Apparently there is a problem with using legend with scatter in Octave. Based on this post:
http://octave.1599824.n4.nabble.com/Legend-in-scatter-plot-td3568032.html
the trick is to use the plot function to make scatter plot. I wrote the following function for plotting a bunch of scatter plots on the same axis.
This function takes in a bunch of cell arrays of the same length. Each element of the cell array corresponds to a separate series. The function returns a cell array of the same length containing the handle associated with each plot. The arguments of the function are explained below:
x_vals: a cell array of arrays of doubles corresponding to x values.
y_vals: a cell array of arrays of doubles corresponding to y values.
sizes: a cell array of doubles representing the size of the markers.
colors: a cell array of double arrays of length 3, representing [R, G, B] color values of the markers.

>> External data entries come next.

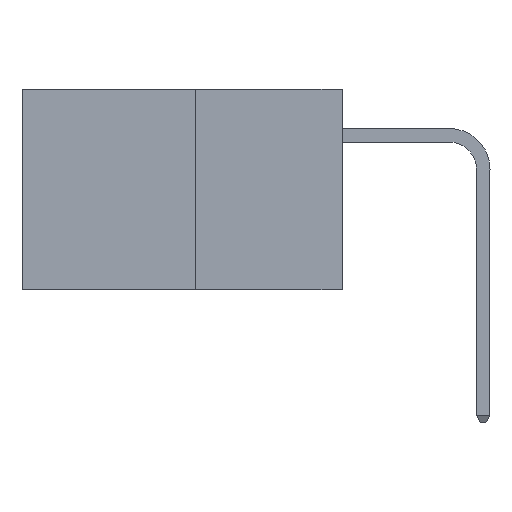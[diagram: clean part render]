
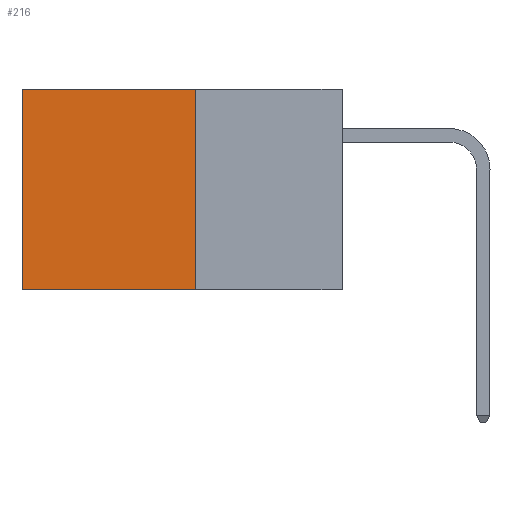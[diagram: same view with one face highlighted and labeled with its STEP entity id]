
A CAD part, left-side view. The second image highlights one B-rep face of the part: STEP entity #216.
In plain terms, the highlighted planar face has unit normal (-1, 0, 0).
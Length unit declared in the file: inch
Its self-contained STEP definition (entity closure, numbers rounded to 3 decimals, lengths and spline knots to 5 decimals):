
#54 = VERTEX_POINT ( 'NONE', #17858 ) ;
#216 = ADVANCED_FACE ( 'NONE', ( #2445 ), #11134, .F. ) ;
#322 = VERTEX_POINT ( 'NONE', #2587 ) ;
#1423 = CARTESIAN_POINT ( 'NONE',  ( 0.277, 0.27, -0.37 ) ) ;
#2445 = FACE_OUTER_BOUND ( 'NONE', #15242, .T. ) ;
#2485 = VECTOR ( 'NONE', #14014, 39.37008 ) ;
#2587 = CARTESIAN_POINT ( 'NONE',  ( 0.277, 0.27, 0. ) ) ;
#2882 = DIRECTION ( 'NONE',  ( 0., 0., -1. ) ) ;
#2916 = CARTESIAN_POINT ( 'NONE',  ( 0.277, 0.59, -0.37 ) ) ;
#4393 = ORIENTED_EDGE ( 'NONE', *, *, #18907, .F. ) ;
#4583 = VERTEX_POINT ( 'NONE', #13734 ) ;
#5827 = VECTOR ( 'NONE', #18167, 39.37008 ) ;
#5911 = ORIENTED_EDGE ( 'NONE', *, *, #19271, .F. ) ;
#6388 = ORIENTED_EDGE ( 'NONE', *, *, #7005, .T. ) ;
#7005 = EDGE_CURVE ( 'NONE', #54, #4583, #10828, .T. ) ;
#7151 = LINE ( 'NONE', #1423, #2485 ) ;
#7189 = CARTESIAN_POINT ( 'NONE',  ( 0.277, 0.27, 0. ) ) ;
#8862 = AXIS2_PLACEMENT_3D ( 'NONE', #11458, #20077, #18036 ) ;
#9688 = ORIENTED_EDGE ( 'NONE', *, *, #11934, .T. ) ;
#10533 = LINE ( 'NONE', #7189, #5827 ) ;
#10828 = LINE ( 'NONE', #2916, #19158 ) ;
#11134 = PLANE ( 'NONE',  #8862 ) ;
#11458 = CARTESIAN_POINT ( 'NONE',  ( 0.277, 0.27, -0.37 ) ) ;
#11548 = VERTEX_POINT ( 'NONE', #12524 ) ;
#11934 = EDGE_CURVE ( 'NONE', #322, #54, #10533, .T. ) ;
#12524 = CARTESIAN_POINT ( 'NONE',  ( 0.277, 0.27, -0.37 ) ) ;
#13557 = LINE ( 'NONE', #16294, #18696 ) ;
#13734 = CARTESIAN_POINT ( 'NONE',  ( 0.277, 0.59, -0.37 ) ) ;
#14014 = DIRECTION ( 'NONE',  ( 0., 0., -1. ) ) ;
#15242 = EDGE_LOOP ( 'NONE', ( #6388, #4393, #5911, #9688 ) ) ;
#16229 = DIRECTION ( 'NONE',  ( 0., 1., 0. ) ) ;
#16294 = CARTESIAN_POINT ( 'NONE',  ( 0.277, 0.27, -0.37 ) ) ;
#17858 = CARTESIAN_POINT ( 'NONE',  ( 0.277, 0.59, 0. ) ) ;
#18036 = DIRECTION ( 'NONE',  ( 0., 0., -1. ) ) ;
#18167 = DIRECTION ( 'NONE',  ( 0., 1., 0. ) ) ;
#18696 = VECTOR ( 'NONE', #16229, 39.37008 ) ;
#18907 = EDGE_CURVE ( 'NONE', #11548, #4583, #13557, .T. ) ;
#19158 = VECTOR ( 'NONE', #2882, 39.37008 ) ;
#19271 = EDGE_CURVE ( 'NONE', #322, #11548, #7151, .T. ) ;
#20077 = DIRECTION ( 'NONE',  ( 1., 0., 0. ) ) ;

styles: a cell array of strings representing the shape of the markers.
function [handles] = scatter_series_set(x_vals, y_vals, sizes, colors, styles)
N = length(x_vals);
if ( (~ ( N == length(y_vals))) || (~ ( N == length(sizes))) || ...
(~ ( N == length(colors))) || (~ ( N == length(styles))) )
error('scatter_series_set: all arguments must be cell arrays of the same length');
end
%plot the first series
handles = cell([N, 1]);
handles{1} = plot(x_vals{1}, y_vals{1});
set(handles{1}, 'linestyle', 'none');
set(handles{1}, 'marker', styles{1});
set(handles{1}, 'markersize', sizes{1});
set(handles{1}, 'color', colors{1});
%plot additional series if present
if N > 1
hold on;
for ind = 2:N
handles{ind} = plot(x_vals{ind}, y_vals{ind});
set(handles{ind}, 'linestyle', 'none');
set(handles{ind}, 'marker', styles{ind});
set(handles{ind}, 'markersize', sizes{ind});
set(handles{ind}, 'color', colors{ind});
end
hold off;
end
end
The following example demonstrates how to use this function.
x1 = 0:(2*pi/100):(2*pi);
x2 = 2*x1;
y1 = sin(x1);
y2 = cos(x1);
y3 = sin(x2);
y4 = cos(x2);
names = {'a', 'b', 'c', 'd'};
x_vals = {x1, x1, x1, x1};
y_vals = {y1, y2, y3, y4};
sizes = {10, 10, 10, 10};
colors = {[1, 0, 0], [0, 0, 1], [0, 0, 0], [0.7071, 0, 0.7071]};
styles = {'^', 's', 'x', '+'}
scatter_series_set(x_vals, y_vals, sizes, colors, styles);
legend(names, 'location', 'southeast');
The example code produces the following plot:
The following works for me:
n = 100;
x = randn(n, 1);
y = randn(n, 1);
S = rand(n, 1)*20;
hold on
scatter(x(1:50), y(1:50), S(1:50), "red", "filled")
scatter(x(51:100), y(51:100), S(51:100), "green", "filled")
hold off
print('-depsc', 'bubbleplot.eps');
However, I'm not able to add a legend, and I didn't find any bug report or indication of a missing functionality for this. So, as an alternative, I would suggest adding marker and text to your plot.